2005 X-Trail 2.2 DCI

Problem started last week.

Had just filled with fuel and engine revving freely in 1st / 2nd.

Once engine warm it is missing beyond 2000 rpm in any gear.

Like above from cold the engine will rev freely to 3,500 rpm & above but as soon as I get going the engine misses badly above 2000 rpm.

If I keep it below 2000 revs the car will limp along.

Added fuel additive at weekend and tried to run tank down ......re-filled with fuel from different garage......problem same.

Help


----------



## dbarnes280 (Dec 6, 2010)

SORTED.

Needed new fuel fliter

a simple solution to a dramatic problem ..... I thought this had new turbo written all over


----------



## bluetac (Dec 21, 2006)

we had/have a similar problem, new filter ready for fitting, i have changed where i buy my fuel from as i used to get it from tesco's, i am now using a bp garage.
I had added to my last full tank an additive that is supposed to flush the fuel system (cost £15 per bottle for upto 55 litres) . I have so far had no problems but i am not sure if that is down to the fact that any contaminants would be at the bottom of the tank and if there is water there it would be frozen (makes sense).

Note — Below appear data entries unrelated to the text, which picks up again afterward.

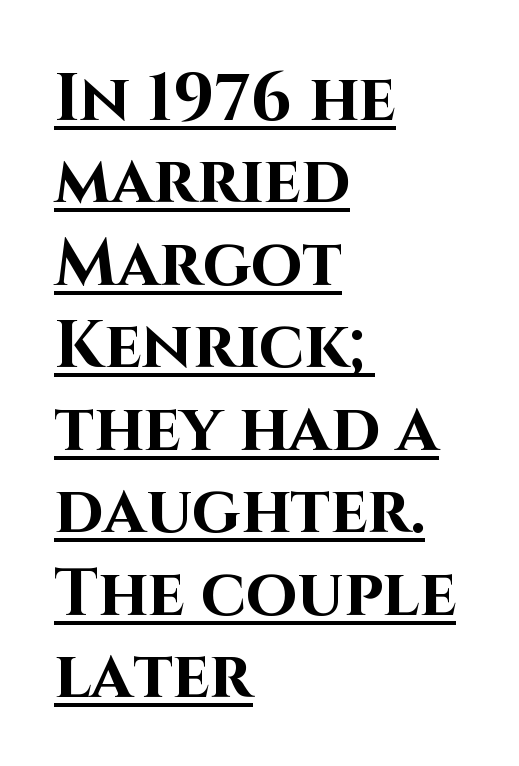
Q: Is the text bold? A: Yes.
Q: Is the text italic (slanted)? A: No, it is upright.
Q: Is the typeface a serif or a sans-serif typeface? A: Sans-serif.
Q: Is the text underlined? A: Yes.
Q: How is the paragraph aligned? A: Left-aligned.
Q: Is the spacing between letters normal or unusually wide? A: Normal.
Q: Is the spacing between lines tight, normal or loose? A: Normal.
Q: Width (condensed, normal, or wide)? A: Normal.
Q: Stroke contrast? A: High.
Q: x-height? A: Large.
Q: Monospaced? A: No.
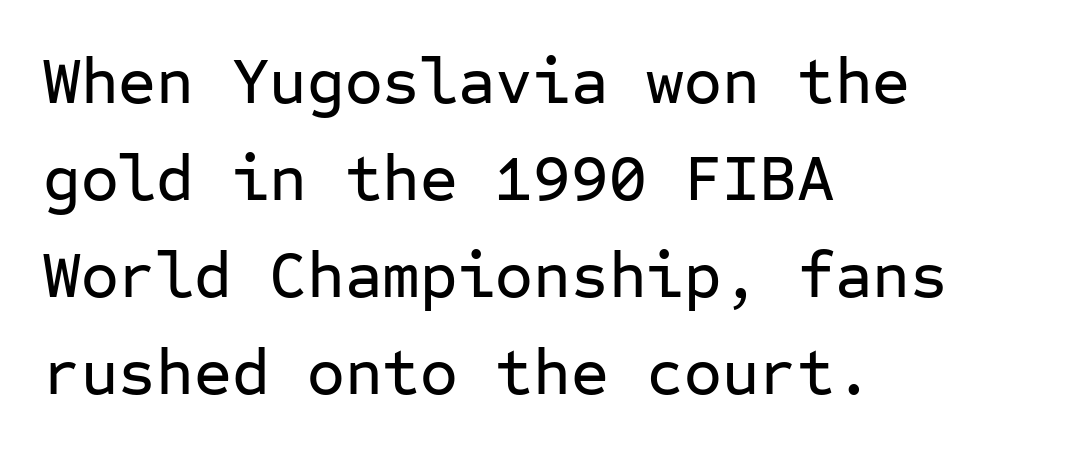
{"serif": "no", "italic": "no", "width": "normal", "stroke_contrast": "low", "x_height": "medium", "monospaced": "yes", "underline": "no", "align": "left", "line_spacing": "normal", "line_spacing_ratio": 1.49, "letter_spacing": "normal", "letter_spacing_em": 0.0, "glyph_px": 65}
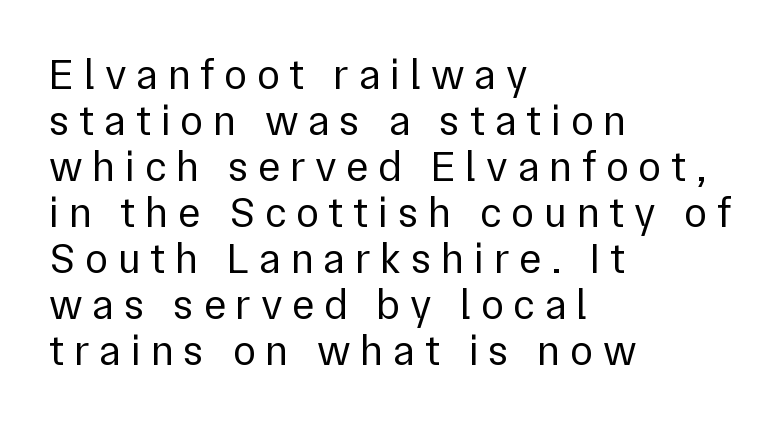
Successive baselines arrive quickly, one right under another. Observe the absence of serifs on each vertical stroke in this sample. The foot of each line stays bare and open. Is there any slant? The stems are plumb. The weight tops out at a normal text grade.
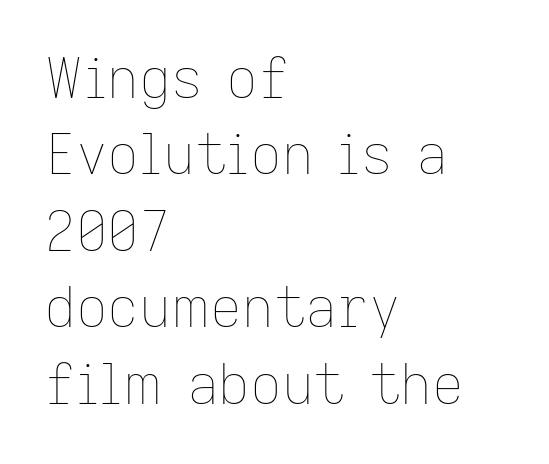
Character widths vary here, with narrow letters taking less room than wide ones. Words appear dense and cohesive because spacing is normal. This rendering uses left alignment, leaving the right contour irregular. Bold? No — there's no thickening of the strokes.
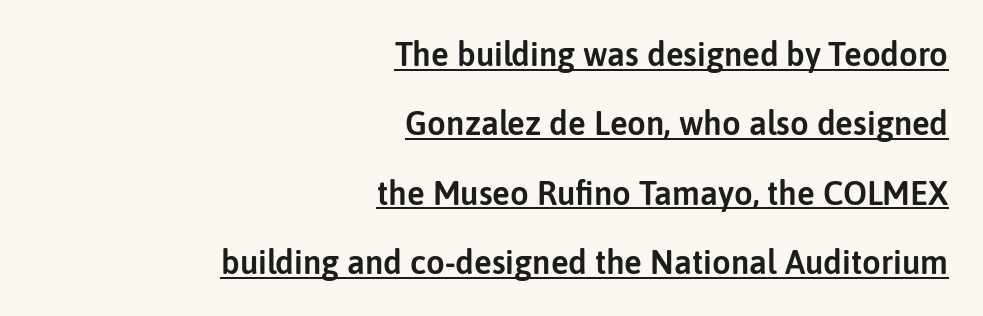
{"serif": "no", "italic": "no", "width": "normal", "stroke_contrast": "low", "x_height": "medium", "monospaced": "no", "underline": "yes", "align": "right", "line_spacing": "loose", "line_spacing_ratio": 2.1, "letter_spacing": "normal", "letter_spacing_em": 0.0, "glyph_px": 33}
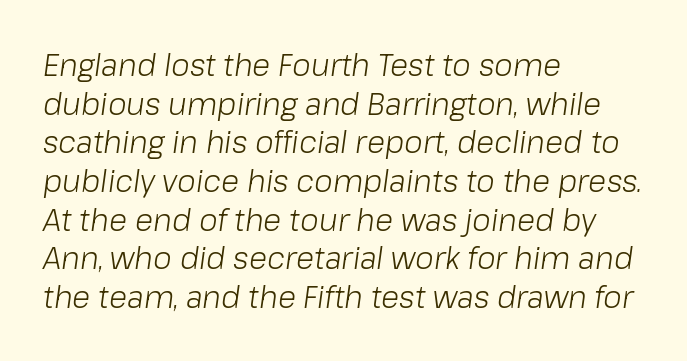
{"italic": "yes", "lean": "right", "slant_degrees": 8, "bold": "no", "weight": "light", "width": "normal", "stroke_contrast": "low", "x_height": "medium", "monospaced": "no", "underline": "no", "align": "left", "line_spacing": "normal", "line_spacing_ratio": 1.29, "letter_spacing": "normal", "letter_spacing_em": 0.0, "glyph_px": 30}
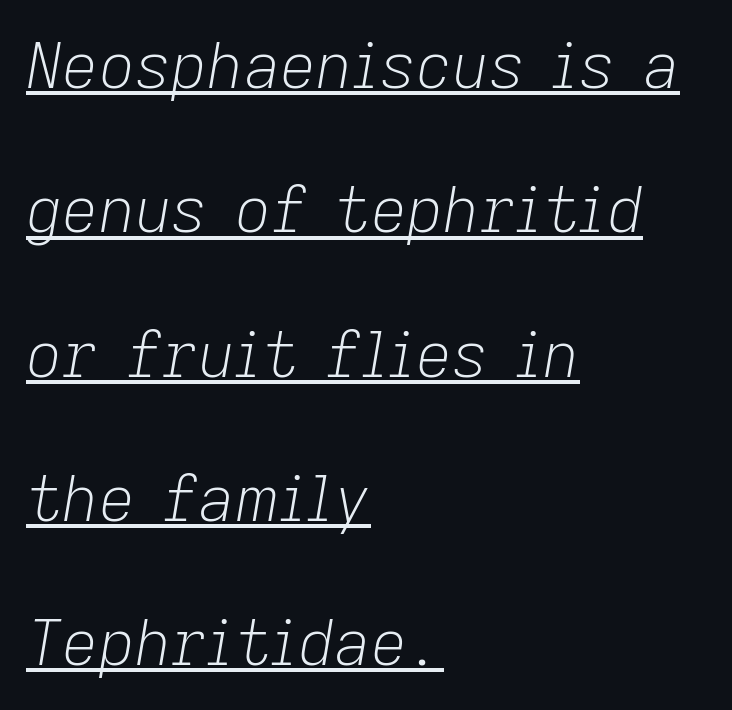
{"italic": "yes", "lean": "right", "slant_degrees": 9, "bold": "no", "weight": "light", "width": "normal", "stroke_contrast": "low", "x_height": "medium", "monospaced": "no", "underline": "yes", "align": "left", "line_spacing": "loose", "line_spacing_ratio": 2.29, "letter_spacing": "normal", "letter_spacing_em": 0.0, "glyph_px": 63}

Once it has wormed up i will be changing the fuel filter and draining of the water content and see how it goes.


----------



## dbarnes280 (Dec 6, 2010)

thanks a lot for responding.

A new filter has completely solved my problem........the old filter was less than a year old but had a load of gunge in.

Because of the bad weather the garage where I filled up had virtually run out of fuel......can only think that when I filled up I got more than I bargained for.

I went back to the garage to ask if they'd received any complaints but (of course) they said no !!!!!


----------